In the recent District Development Council elections, the BJP won only three of Rajouri’s DDC’s 14 seats, while the NC won five, the Congress won three, and the Apni party and one candidate. independent won one seat each. The Poonch DDC is led by an independent Gujjar woman with eight independent DDC members. Congress has four DDC members while the NC has two. The BJP did not win any DDC seats in the district.

The Union Home Secretary did not specify the mechanism under which the Paharis will obtain booking benefits. At Rajouri’s gathering, however, Shah made sure to bracket the nomadic Gujjar-Bakkerwal tribes with the Paharis in order to keep both groups in high spirits.

There was no BJP symbol on Rajouri’s main site, a deliberate move to project a ‘secular’ face of the party among backward Gujjars and Bakkerwals.

“The rally was technically kept apolitical so that Shah presents himself as everyone’s interior minister and not just a BJP leader,” said analyst Zafar Chaudhary.
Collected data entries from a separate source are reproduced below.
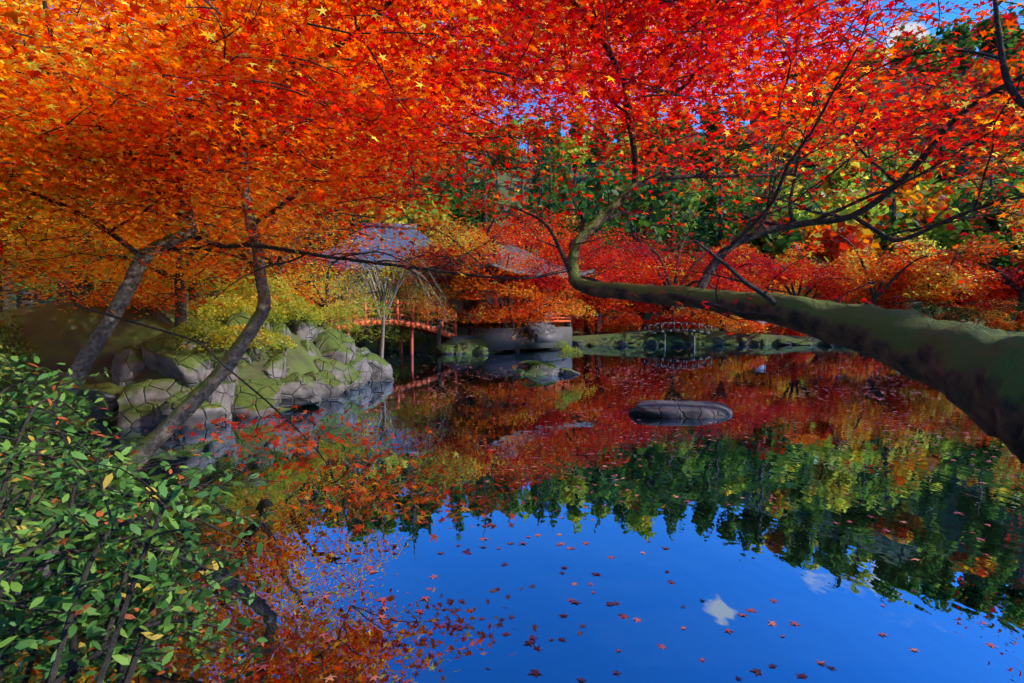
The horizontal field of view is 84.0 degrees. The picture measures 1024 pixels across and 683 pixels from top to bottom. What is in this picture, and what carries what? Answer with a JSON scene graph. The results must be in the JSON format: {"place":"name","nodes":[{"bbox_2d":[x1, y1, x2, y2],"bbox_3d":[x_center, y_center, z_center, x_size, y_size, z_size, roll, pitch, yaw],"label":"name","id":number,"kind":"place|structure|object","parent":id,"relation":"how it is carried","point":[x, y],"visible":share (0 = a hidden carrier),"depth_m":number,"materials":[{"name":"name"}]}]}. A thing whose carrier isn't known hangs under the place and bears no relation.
{"place":"outdoors","nodes":[
{"label":"outdoors","id":0,"kind":"place"},
{"bbox_2d":[0,0,413,321],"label":"maple leaves","id":1,"kind":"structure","parent":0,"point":[13,16],"depth_m":11.98,"materials":[{"name":"orange plant"}]},
{"bbox_2d":[74,304,553,543],"bbox_3d":[-2.542,0.559,5.025,5.836,1.855,1.669,1,3,19],"label":"maple branch","id":2,"kind":"object","parent":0,"point":[298,445],"depth_m":4.60,"materials":[{"name":"red plant"}]},
{"bbox_2d":[0,345,1023,682],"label":"pond water","id":3,"kind":"structure","parent":0,"point":[812,567],"depth_m":5.30,"materials":[{"name":"blue liquid"}]},
{"bbox_2d":[75,349,1015,682],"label":"fallen leaves","id":4,"kind":"object","parent":3,"relation":"on","point":[529,641],"visible":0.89,"depth_m":5.09,"materials":[{"name":"red plant"}]},
{"bbox_2d":[514,362,579,374],"bbox_3d":[1.281,1.070,19.559,2.430,0.734,1.129,0,3,-10],"label":"island rock","id":5,"kind":"object","parent":3,"relation":"in","point":[548,368],"visible":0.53,"depth_m":19.28,"materials":[{"name":"grey stone"}]},
{"bbox_2d":[629,400,732,418],"bbox_3d":[3.476,1.561,11.656,2.200,0.652,1.290,0,3,0],"label":"rock flat in pond","id":6,"kind":"object","parent":3,"relation":"in","point":[685,409],"visible":0.66,"depth_m":11.28,"materials":[{"name":"grey stone"}]},
{"bbox_2d":[0,56,1023,526],"bbox_3d":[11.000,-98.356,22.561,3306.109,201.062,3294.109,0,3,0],"label":"ground","id":7,"kind":"structure","parent":0,"point":[54,332],"depth_m":12.40,"materials":[{"name":"plant"}]},
{"bbox_2d":[0,354,287,682],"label":"shrub","id":8,"kind":"object","parent":7,"relation":"on","point":[108,549],"depth_m":2.14,"materials":[{"name":"green plant"}]},
{"bbox_2d":[0,304,393,585],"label":"bank rocks","id":9,"kind":"structure","parent":7,"relation":"on","point":[342,366],"depth_m":11.31,"materials":[{"name":"grey stone"}]},
{"bbox_2d":[0,0,667,318],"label":"maple foliage","id":10,"kind":"object","parent":7,"relation":"on","point":[45,111],"visible":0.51,"depth_m":6.26,"materials":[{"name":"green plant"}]},
{"bbox_2d":[290,223,449,329],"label":"grey hall roof","id":11,"kind":"structure","parent":7,"relation":"on","point":[391,240],"depth_m":44.12,"materials":[{"name":"tile"}]},
{"bbox_2d":[0,0,751,498],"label":"maple tree","id":12,"kind":"object","parent":7,"relation":"on","point":[137,36],"depth_m":6.81,"materials":[{"name":"orange plant"}]},
{"bbox_2d":[318,257,453,357],"bbox_3d":[-4.946,-0.673,23.004,5.032,5.428,4.206,0,3,0],"label":"weeping tree","id":13,"kind":"object","parent":7,"relation":"on","point":[381,352],"visible":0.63,"depth_m":22.87,"materials":[{"name":"plant"}]},
{"bbox_2d":[329,271,454,334],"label":"weeping tree leaves","id":14,"kind":"object","parent":7,"relation":"on","point":[389,300],"visible":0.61,"depth_m":22.59,"materials":[{"name":"yellow plant"}]},
{"bbox_2d":[324,300,478,353],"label":"arched bridge","id":15,"kind":"structure","parent":7,"relation":"on","point":[421,326],"depth_m":29.49,"materials":[{"name":"paint"}]},
{"bbox_2d":[413,239,593,350],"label":"pavilion","id":16,"kind":"structure","parent":7,"relation":"on","point":[546,335],"depth_m":31.89,"materials":[{"name":"paint"}]},
{"bbox_2d":[0,0,1023,312],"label":"maple","id":17,"kind":"object","parent":7,"relation":"on","point":[520,38],"depth_m":5.24,"materials":[{"name":"red plant"}]},
{"bbox_2d":[0,1,1023,334],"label":"maple trees","id":18,"kind":"object","parent":7,"relation":"on","point":[182,311],"visible":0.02,"depth_m":41.25,"materials":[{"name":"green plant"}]},
{"bbox_2d":[0,298,1023,474],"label":"evergreen shrub leaves","id":19,"kind":"object","parent":7,"relation":"on","point":[7,356],"visible":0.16,"depth_m":9.89,"materials":[{"name":"plant"}]},
{"bbox_2d":[4,2,1023,300],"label":"background trees","id":20,"kind":"object","parent":7,"relation":"on","point":[828,238],"visible":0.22,"depth_m":70.13,"materials":[{"name":"plant"}]},
{"bbox_2d":[41,188,1023,360],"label":"shrubs","id":21,"kind":"object","parent":7,"relation":"on","point":[296,303],"depth_m":30.15,"materials":[{"name":"orange plant"}]},
{"bbox_2d":[118,0,1023,320],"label":"maple leaves","id":22,"kind":"object","parent":7,"relation":"on","point":[914,280],"depth_m":41.51,"materials":[{"name":"red plant"}]},
{"bbox_2d":[355,336,831,353],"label":"shore rocks","id":23,"kind":"object","parent":7,"relation":"on","point":[444,348],"depth_m":37.94,"materials":[{"name":"grey stone"}]},
{"bbox_2d":[644,322,711,344],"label":"bridge","id":24,"kind":"structure","parent":7,"relation":"on","point":[661,330],"depth_m":38.27,"materials":[{"name":"paint"}]},
{"bbox_2d":[445,0,1023,462],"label":"maple tree","id":25,"kind":"object","parent":7,"relation":"on","point":[952,110],"depth_m":5.15,"materials":[{"name":"red plant"}]},
{"bbox_2d":[0,0,1023,158],"label":"sky","id":26,"kind":"structure","parent":0,"point":[948,17],"materials":[{"name":"blue"}]}
]}

However, while the Paharis are optimistic about Shah’s announcement, the Gujjars and Bakkerwals seem disillusioned and, in the elections, the disillusionment might even cloud their participation in the polling process, which the BJP might anticipate with its decision to grant ST status to Paharis. .

“The ST quota provides for a 10% reservation in educational institutions and government jobs. If Paharis are declared ST, it will reduce opportunities aimed at social and economic empowerment of Gujjars and Bakkerwals,” said Zahid Parwaz Chaudhary, a prominent tribal activist and leader of the Gujjar-Bakkerwal Youth Welfare Conference.
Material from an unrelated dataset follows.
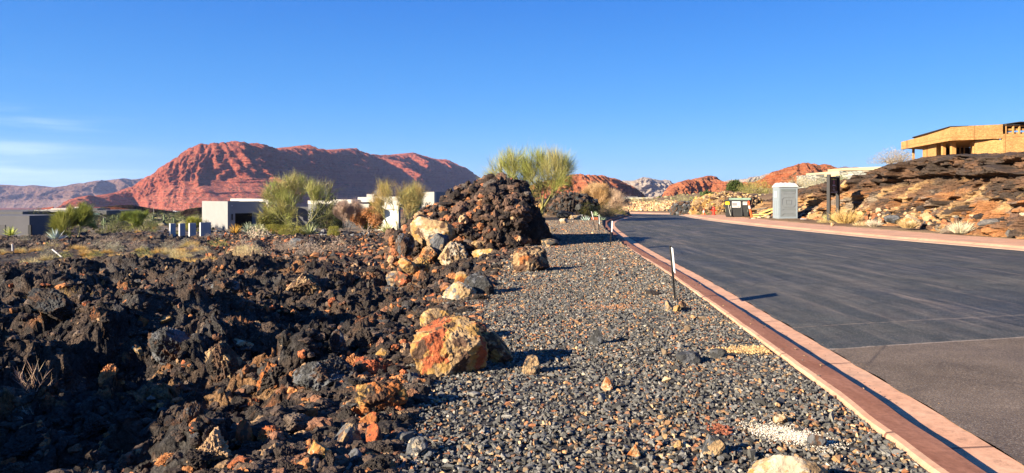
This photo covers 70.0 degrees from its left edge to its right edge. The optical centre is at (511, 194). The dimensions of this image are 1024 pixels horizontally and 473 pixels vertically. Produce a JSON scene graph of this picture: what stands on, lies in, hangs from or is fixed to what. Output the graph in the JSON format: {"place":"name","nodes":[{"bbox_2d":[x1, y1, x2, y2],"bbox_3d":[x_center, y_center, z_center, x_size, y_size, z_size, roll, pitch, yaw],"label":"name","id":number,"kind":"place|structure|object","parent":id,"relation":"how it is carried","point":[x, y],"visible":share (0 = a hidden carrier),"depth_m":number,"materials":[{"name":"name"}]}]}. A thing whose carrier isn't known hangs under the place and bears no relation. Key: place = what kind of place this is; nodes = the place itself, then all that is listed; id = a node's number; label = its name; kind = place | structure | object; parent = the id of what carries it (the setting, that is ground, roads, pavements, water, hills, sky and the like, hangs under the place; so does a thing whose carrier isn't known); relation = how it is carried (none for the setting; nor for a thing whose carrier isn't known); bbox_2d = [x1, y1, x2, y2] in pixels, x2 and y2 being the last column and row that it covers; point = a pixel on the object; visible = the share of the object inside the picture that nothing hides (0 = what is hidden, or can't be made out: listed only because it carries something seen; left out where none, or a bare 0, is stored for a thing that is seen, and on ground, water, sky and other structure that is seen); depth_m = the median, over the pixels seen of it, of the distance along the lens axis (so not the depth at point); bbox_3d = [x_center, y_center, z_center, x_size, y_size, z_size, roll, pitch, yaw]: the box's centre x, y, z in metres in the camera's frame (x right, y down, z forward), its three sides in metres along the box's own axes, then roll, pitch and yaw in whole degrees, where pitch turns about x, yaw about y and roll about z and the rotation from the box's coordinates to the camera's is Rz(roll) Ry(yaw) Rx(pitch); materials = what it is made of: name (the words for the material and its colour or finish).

“Pir Panjal’s Attempted Division”

Realizing the political importance of the Pir Panjal region during elections, whenever they are held in Jammu and Kashmir, the top leaders of the National Conference and People’s Democratic Party camp in Rajouri and Poonch to raise awareness of the BJP’s plan to drive a wedge between the Gujjar-Bakkerwal tribe and the Pahari speaking population.

Farooq Abdullah, President of the National Conference, recently told a rally in Rajouri that “the multi-ethnic unity in Pir Panjal has been a blight on the anti-J&K forces.”

“At present, efforts are also underway to drive a wedge between Gujjars, Paharis and Kashmir especially in Pir Panjal. The diversity of our state is enormous. Deep inside us, our hearts beat together. There are certain common bonds and unifying ties that hold various sections of our society together. We are all worried about our identity, our culture and our dignity,” he said.

For the Peoples Democratic Party led by Mehbooba Mufti, who spearheaded the cause of justice for an underage girl who was allegedly gang-raped by Hindu right-wing activists and who became a catalyst for the downfall of the government PDP-BJP coalition in 2018, BJP tries to launch Paharis against Gujjars and Bakkerwals for political interests.

“The Minister of the Interior comes and goes. The BJP is here today. He may not be here tomorrow. But the rift they (BJP) are driving between you, the enmity they are spreading between you…your religion is one, you are people of the same place. First they pitted Hindus against Muslims and now they want Gujjars and Paharis to fight,” Mehbooba said in a recent video call to the two communities.